Data extracted from a collection:
'''
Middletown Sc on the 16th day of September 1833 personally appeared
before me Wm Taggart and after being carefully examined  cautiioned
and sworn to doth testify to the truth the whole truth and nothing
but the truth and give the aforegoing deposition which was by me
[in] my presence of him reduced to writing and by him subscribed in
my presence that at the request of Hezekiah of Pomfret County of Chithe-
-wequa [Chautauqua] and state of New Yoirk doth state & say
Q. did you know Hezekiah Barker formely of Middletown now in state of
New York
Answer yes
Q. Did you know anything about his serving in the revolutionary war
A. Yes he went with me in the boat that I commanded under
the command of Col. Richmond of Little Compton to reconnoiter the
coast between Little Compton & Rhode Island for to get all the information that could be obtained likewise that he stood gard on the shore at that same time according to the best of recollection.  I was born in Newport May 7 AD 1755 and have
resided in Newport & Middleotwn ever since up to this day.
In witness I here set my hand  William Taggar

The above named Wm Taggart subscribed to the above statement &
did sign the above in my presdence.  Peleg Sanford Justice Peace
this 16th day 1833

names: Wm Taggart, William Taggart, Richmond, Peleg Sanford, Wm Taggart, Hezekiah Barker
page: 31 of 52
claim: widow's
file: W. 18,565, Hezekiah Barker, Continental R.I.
'''
**Problem**
Using the data above, reproduce exactly the lines from the line that contains "and sworn to" through the line that contains "The above named", including both.

**Answer box**
and sworn to doth testify to the truth the whole truth and nothing
but the truth and give the aforegoing deposition which was by me
[in] my presence of him reduced to writing and by him subscribed in
my presence that at the request of Hezekiah of Pomfret County of Chithe-
-wequa [Chautauqua] and state of New Yoirk doth state & say
Q. did you know Hezekiah Barker formely of Middletown now in state of
New York
Answer yes
Q. Did you know anything about his serving in the revolutionary war
A. Yes he went with me in the boat that I commanded under
the command of Col. Richmond of Little Compton to reconnoiter the
coast between Little Compton & Rhode Island for to get all the information that could be obtained likewise that he stood gard on the shore at that same time according to the best of recollection.  I was born in Newport May 7 AD 1755 and have
resided in Newport & Middleotwn ever since up to this day.
In witness I here set my hand  William Taggar

The above named Wm Taggart subscribed to the above statement &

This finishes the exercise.